Loaded 1465 records from 1149 tables.

Show the code

ask = df[df["webhook_body_topic_category_id"] == '6'].copy()
ask["created_at"] = pd.to_datetime(ask["webhook_body_topic_created_at"], errors="coerce")

Show the code

topics_per_month = (
    ask.groupby(ask["created_at"].dt.to_period("M"))
       .size()
       .rename("count")
)
topics_per_month.index = topics_per_month.index.to_timestamp()

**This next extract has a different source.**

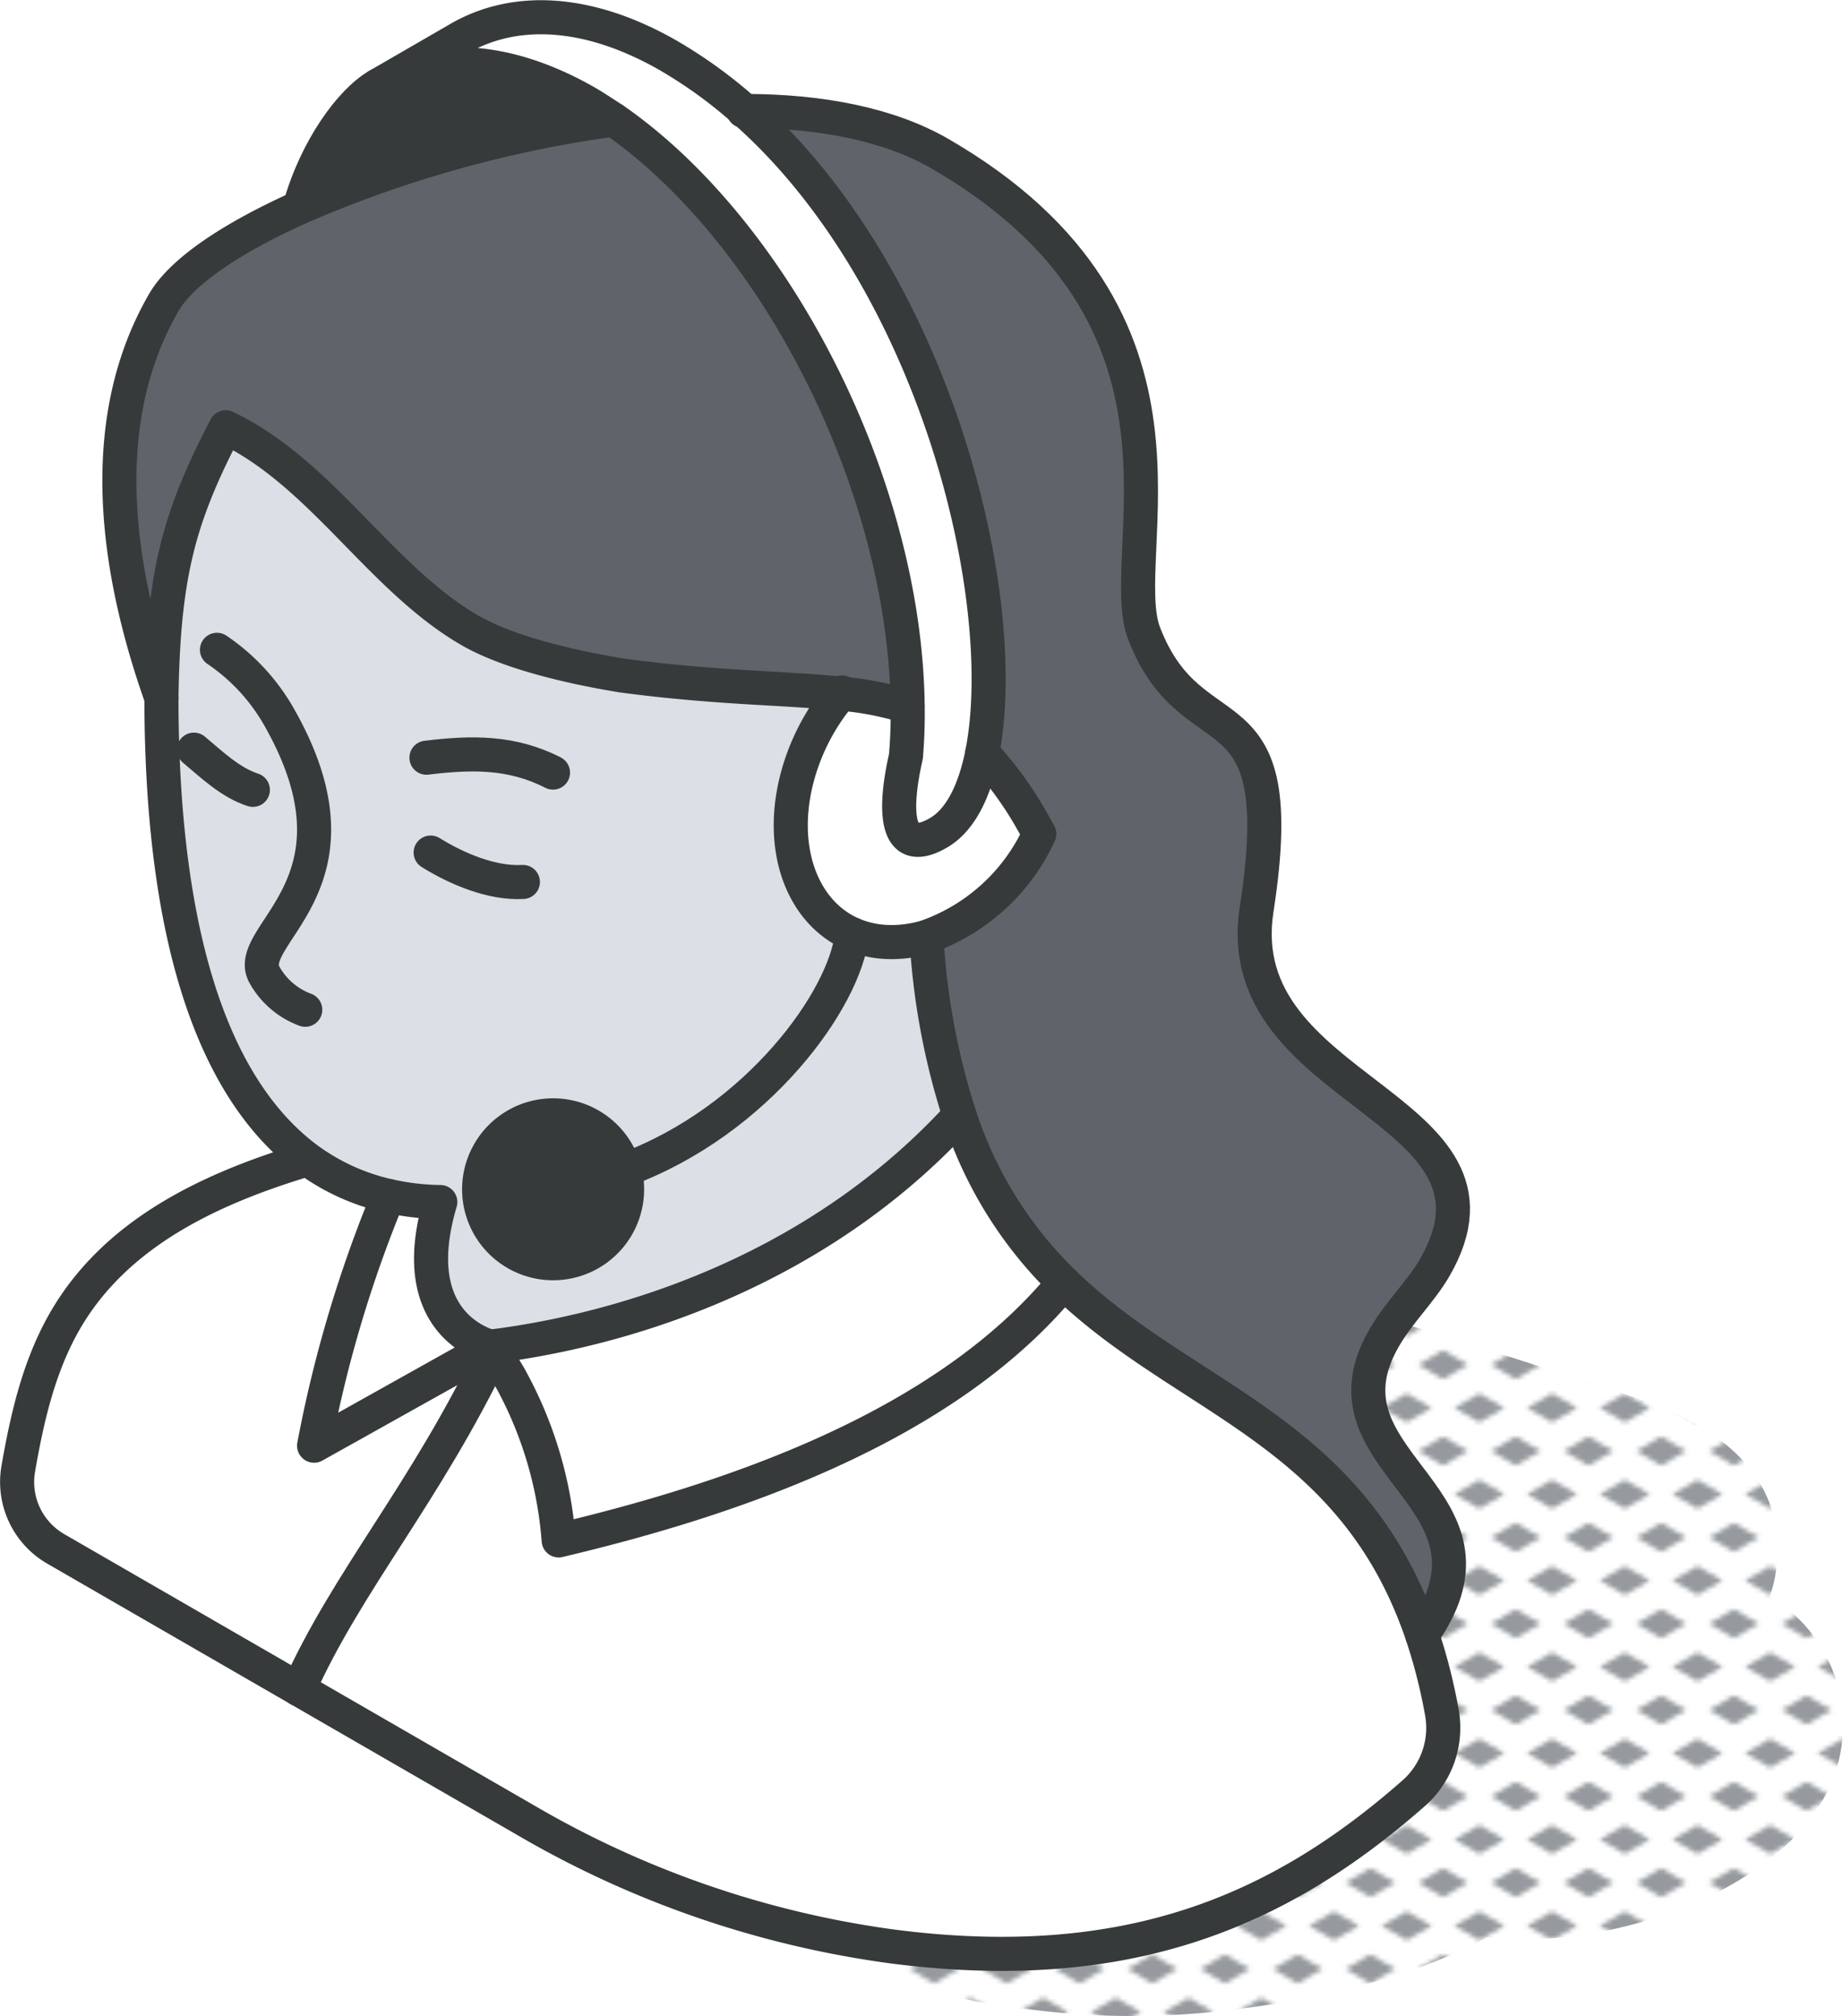 <svg xmlns="http://www.w3.org/2000/svg" xmlns:xlink="http://www.w3.org/1999/xlink" viewBox="0 0 162.24 177.5"><defs><style>.cls-1,.cls-8{fill:none;}.cls-2{fill:#969a9e;}.cls-3{fill:url(#New_Pattern_Swatch_3);}.cls-4{fill:#fff;}.cls-5{fill:#5f646b;}.cls-6{fill:#373a3a;}.cls-7{fill:#dae0e5;}.cls-8{stroke:#373a3a;stroke-linecap:round;stroke-linejoin:round;stroke-width:3px;}</style><pattern id="New_Pattern_Swatch_3" data-name="New Pattern Swatch 3" width="16" height="19" patternTransform="translate(5.43 -1.45) scale(0.4)" patternUnits="userSpaceOnUse" viewBox="0 0 16 19"><rect class="cls-1" width="16" height="19"/><polygon class="cls-2" points="16 22.18 10.5 19 16 15.82 21.5 19 16 22.18"/><polygon class="cls-2" points="8 12.68 2.5 9.5 8 6.33 13.5 9.5 8 12.68"/><polygon class="cls-2" points="0 22.18 -5.5 19 0 15.82 5.5 19 0 22.18"/><polygon class="cls-2" points="16 3.18 10.5 0 16 -3.17 21.5 0 16 3.18"/><polygon class="cls-2" points="0 3.18 -5.5 0 0 -3.17 5.5 0 0 3.18"/></pattern></defs><g id="Layer_2" data-name="Layer 2"><g id="icons"><g id="woman_support" data-name="woman support"><path class="cls-3" d="M156.18,140.8l-.4-.23a11,11,0,0,0,.59-2.46c1-8.32-5.27-12.62-12.25-15-12.16-4.08-24.47-7.74-36.7-11.6-5-1.58-10.61,1.44-12.5,6.13-2.08,5.18-.08,10.07,4.33,13.23,6,4.29,12.46,8.28,18.07,13.07a22.64,22.64,0,0,1,5.92,7.19l.11.23a9.89,9.89,0,0,0-2.06,2.17c-.23.12-.46.23-.67.35a60.26,60.26,0,0,1-31.3,7.43c-1.7,0-3.45-.29-5.15-.2s-3.5,1-5.08,1.13c-4.83.33-6.85,6.55-2.5,9.24,1.73,1.07,3.28,2.88,5.67,3.76A36.47,36.47,0,0,0,90,176.82a70.14,70.14,0,0,0,15.73.41c7.89-.72,17.58-2.55,25.21-6.68,10.21,1.21,24.49-3.59,29.4-11.87A13.14,13.14,0,0,0,156.18,140.8Z"/><path class="cls-4" d="M126.92,150.74a7.66,7.66,0,0,1-2.44,7.13C112.61,168.31,99.21,174,78.71,171.39a87,87,0,0,1-32.42-11.13l-20-11.54c4.31-9.61,11.3-17,17.15-29.77.48.74.93,1.46,1.34,2.15a35,35,0,0,1,4.39,14.52c14.89-3.53,33.91-9.83,44.46-22.69,10.7,10.41,25.42,12.86,31.55,31A46.63,46.63,0,0,1,126.92,150.74Z"/><path class="cls-5" d="M125.19,144c-6.13-18.16-20.85-20.61-31.55-31A36,36,0,0,1,84.47,98.2a62.15,62.15,0,0,1-2.91-15.69h0c4-1.2,7.79-4.63,9.93-9.06-.18-.34-.36-.67-.56-1a31.71,31.71,0,0,0-4.46-6.15c2.66-13.53-4.1-41.62-20.9-56.5,6.67.07,12.7,1.18,17.15,3.75C107.78,28,98,48.86,100.73,55.8c4.3,11.1,13.06,3.79,9.89,24.27-2.53,16.31,23.94,17.22,15.68,31.53-1.25,2.15-3.16,3.94-4.46,6.2-6.18,10.69,10.64,13.71,4.23,24.8l-.07.12c-.27.46-.54.87-.8,1.23Z"/><path class="cls-4" d="M90.93,72.42c.2.35.38.68.56,1-2.14,4.43-5.9,7.86-9.93,9.06a10.22,10.22,0,0,1-3.27.46,8.7,8.7,0,0,1-3.36-.73c-4.18-1.87-6.3-7.13-4.88-13.25a19.06,19.06,0,0,1,4.06-8,26.52,26.52,0,0,1,5.79,1.14,44.61,44.61,0,0,1-.15,4.5c0,.11-2.53,9.85,2.85,6.74,1.9-1.09,3.19-3.6,3.87-7.06A31.71,31.71,0,0,1,90.93,72.42Z"/><path class="cls-4" d="M65.57,9.77c16.8,14.88,23.56,43,20.9,56.5-.68,3.46-2,6-3.87,7.06-5.38,3.11-2.85-6.63-2.85-6.74a44.61,44.61,0,0,0,.15-4.5C79.66,42.62,68.25,20.36,54,10.53h0c-.78-.54-1.58-1-2.37-1.5-7-4-13.41-4.33-18.33-1.51l7.16-4.14C45.36.55,51.78.82,58.81,4.87A42,42,0,0,1,65.57,9.77Z"/><path class="cls-4" d="M84.47,98.2a36,36,0,0,0,9.17,14.73c-10.55,12.86-29.57,19.16-44.46,22.69a35,35,0,0,0-4.39-14.52c-.41-.69-.86-1.41-1.34-2.15l.2-.45C56.8,116.8,72.77,111,84.47,98.2Z"/><path class="cls-5" d="M79.9,62.09A26.52,26.52,0,0,0,74.11,61c-4.9-.53-11-.49-19.37-1.61-5.33-.84-10.31-2.16-13.41-4C33.92,51.1,29,42.76,21.49,38.42c-.52-.3-1.06-.58-1.61-.85-4.18,8-5.5,13-5.66,23.91-4.17-11.76-5.74-24.56.19-34.83,1.57-2.74,6-5.71,12-8.4A105.13,105.13,0,0,1,54,10.53h0C68.25,20.36,79.66,42.62,79.9,62.09Z"/><path class="cls-6" d="M51.94,99.08a6.5,6.5,0,1,1-8.89,2.38A6.49,6.49,0,0,1,51.94,99.08Z"/><path class="cls-6" d="M51.61,9c.79.46,1.59,1,2.37,1.5a105.13,105.13,0,0,0-27.6,7.72c1.45-5.19,4.54-9.38,6.9-10.73C38.2,4.7,44.59,5,51.61,9Z"/><path class="cls-7" d="M54.33,108a6.51,6.51,0,1,0-8.9,2.38A6.49,6.49,0,0,0,54.33,108ZM27,102c-7.37-5.49-12.75-17.54-12.79-40.47h0c.16-10.87,1.48-15.89,5.66-23.91.55.27,1.09.55,1.61.85,7.5,4.34,12.43,12.68,19.84,17,3.1,1.8,8.08,3.12,13.41,4,8.34,1.12,14.47,1.08,19.37,1.61a19.06,19.06,0,0,0-4.06,8c-1.42,6.12.7,11.38,4.88,13.25a8.7,8.7,0,0,0,3.36.73,10.22,10.22,0,0,0,3.27-.46h0A62.15,62.15,0,0,0,84.47,98.2C72.77,111,56.8,116.77,43.65,118.5l-.45.07c-.52-.18-7.61-2.07-4.44-12.75a22.55,22.55,0,0,1-4.56-.54A19.07,19.07,0,0,1,27,102Z"/><path class="cls-4" d="M43.2,118.57l.45-.07-.2.45Z"/><path class="cls-4" d="M43.2,118.57l.25.38c-5.85,12.73-12.84,20.16-17.15,29.77L4.9,136.36a6.8,6.8,0,0,1-3.3-7c.8-4.63,1.85-9.13,4.12-13.07,4.44-7.69,12.64-11.6,21.2-14.18L27,102a19.07,19.07,0,0,0,7.19,3.32,111.49,111.49,0,0,0-6.55,22Z"/><path class="cls-4" d="M43.2,118.57l-15.55,8.7a111.49,111.49,0,0,1,6.55-22,22.55,22.55,0,0,0,4.56.54C35.59,116.5,42.68,118.39,43.2,118.57Z"/><path class="cls-8" d="M81.56,82.51A62.15,62.15,0,0,0,84.47,98.2a36,36,0,0,0,9.17,14.73c10.7,10.4,25.4,12.87,31.55,31a48,48,0,0,1,1.73,6.79,7.66,7.66,0,0,1-2.44,7.13C112.61,168.31,99.21,174,78.71,171.39a87,87,0,0,1-32.42-11.13L4.9,136.36a6.8,6.8,0,0,1-3.3-7c.8-4.63,1.85-9.13,4.12-13.07,4.44-7.69,12.64-11.6,21.2-14.18"/><path class="cls-8" d="M55,103c11.72-4.32,19.41-15.07,20-20.76"/><path class="cls-8" d="M43.05,101.46a6.51,6.51,0,1,1,2.38,8.88A6.5,6.5,0,0,1,43.05,101.46Z"/><path class="cls-8" d="M14.22,61.48c-4.17-11.76-5.74-24.56.19-34.83,1.57-2.74,6-5.71,12-8.4A105,105,0,0,1,54,10.53"/><path class="cls-8" d="M65.45,9.77h.12c6.67,0,12.7,1.18,17.15,3.75C107.78,28,98,48.86,100.73,55.8c4.3,11.1,13.06,3.79,9.89,24.27-2.53,16.31,23.94,17.22,15.68,31.53-1.25,2.15-3.16,3.94-4.46,6.2-6.18,10.69,10.64,13.71,4.23,24.8l-.07.12c-.27.46-.54.87-.8,1.23"/><path class="cls-8" d="M86.47,66.27a31.71,31.71,0,0,1,4.46,6.15c.2.35.38.68.56,1a17.21,17.21,0,0,1-9.93,9.06,10.51,10.51,0,0,1-3.27.46,8.7,8.7,0,0,1-3.36-.73c-4.17-1.88-6.3-7.13-4.88-13.25a19.06,19.06,0,0,1,4.06-8"/><path class="cls-8" d="M33.28,7.52C38.2,4.7,44.59,5,51.61,9c.79.46,1.59,1,2.37,1.5h0C68.25,20.36,79.65,42.62,79.9,62.09a44.61,44.61,0,0,1-.15,4.5c0,.11-2.53,9.85,2.85,6.74,1.9-1.09,3.19-3.6,3.87-7.06,2.65-13.53-4.08-41.64-20.9-56.5a41.41,41.41,0,0,0-6.76-4.9c-7-4-13.45-4.32-18.37-1.49Z"/><path class="cls-8" d="M19.1,57.21a17.66,17.66,0,0,1,5.56,6.08c8.24,14.67-3.39,19-1.37,22.55a6.81,6.81,0,0,0,3.58,3.06"/><path class="cls-8" d="M37.54,66.71c4-.49,7.53-.54,11.14,1.31"/><path class="cls-8" d="M37.91,75.06c2.3,1.43,5.38,2.74,8.12,2.59"/><path class="cls-8" d="M17.07,66c1.58,1.32,3.21,2.9,5.19,3.54"/><path class="cls-8" d="M93.64,112.93c-10.55,12.86-29.57,19.16-44.46,22.69a35,35,0,0,0-4.39-14.52c-.41-.69-.86-1.41-1.34-2.15l-.25-.38.45-.07C56.8,116.77,72.77,111,84.47,98.2"/><path class="cls-8" d="M34.2,105.28a111.49,111.49,0,0,0-6.55,22l15.55-8.7c-.52-.18-7.61-2.07-4.44-12.75a21.86,21.86,0,0,1-4.56-.54A19.07,19.07,0,0,1,27,102c-7.36-5.51-12.75-17.54-12.79-40.47h0c.16-10.87,1.48-15.89,5.66-23.91.55.27,1.09.55,1.61.85,7.5,4.34,12.43,12.68,19.84,17,3.1,1.8,8.08,3.12,13.41,4,8.34,1.12,14.47,1.09,19.37,1.61a26.52,26.52,0,0,1,5.79,1.14"/><path class="cls-8" d="M26.3,148.72c4.31-9.61,11.09-17.14,17.15-29.77l.2-.45"/><path class="cls-8" d="M33.28,7.52c-2.36,1.35-5.45,5.54-6.9,10.73"/></g></g></g></svg>

plt.figure(figsize=(12,5))
topics_per_month.plot(kind="line", marker="o", color="teal")
plt.title("Ask Fedora: New Topics per Month")
plt.ylabel("Topics created")
plt.xlabel("Month")
plt.grid(True)
plt.show()

/tmp/ipykernel_941902/3006604667.py:2: UserWarning: Converting to PeriodArray/Index representation will drop timezone information.
  ask.groupby(ask["created_at"].dt.to_period("M"))

Show the code

tag_cols = [c for c in ask.columns if c.startswith("webhook_body_topic_tags_")]
tags = pd.Series(
    ask[tag_cols].values.ravel("K")
).dropna()
tags = tags[tags != "None"]

top_tags = tags.value_counts().head(15)

plt.figure(figsize=(10,5))
top_tags.plot(kind="bar", color="green")
plt.title("Top 15 Tags in Ask Fedora Topics")
plt.ylabel("Count")
plt.show()

Show the code

plt.figure(figsize=(8,5))
ask["webhook_body_topic_word_count"].astype(float).hist(bins=40, color="steelblue")
plt.title("Distribution of Word Counts in Ask Fedora Topics")
plt.xlabel("Word count")
plt.ylabel("Topic count")
plt.show()

Show the code

# Cross-year comparison
ask["year"] = ask["created_at"].dt.year

topics_per_year = ask.groupby("year").size()

plt.figure(figsize=(8,5))
topics_per_year.plot(kind="bar", color="teal")
plt.title("Ask Fedora: Topics Created per Year")
plt.ylabel("Number of topics")
plt.xlabel("Year")
plt.xticks(rotation=0)
plt.show()

print("Topics per year:\n", topics_per_year)

Topics per year:
 year
2023    193
2024    322
2025    305
dtype: int64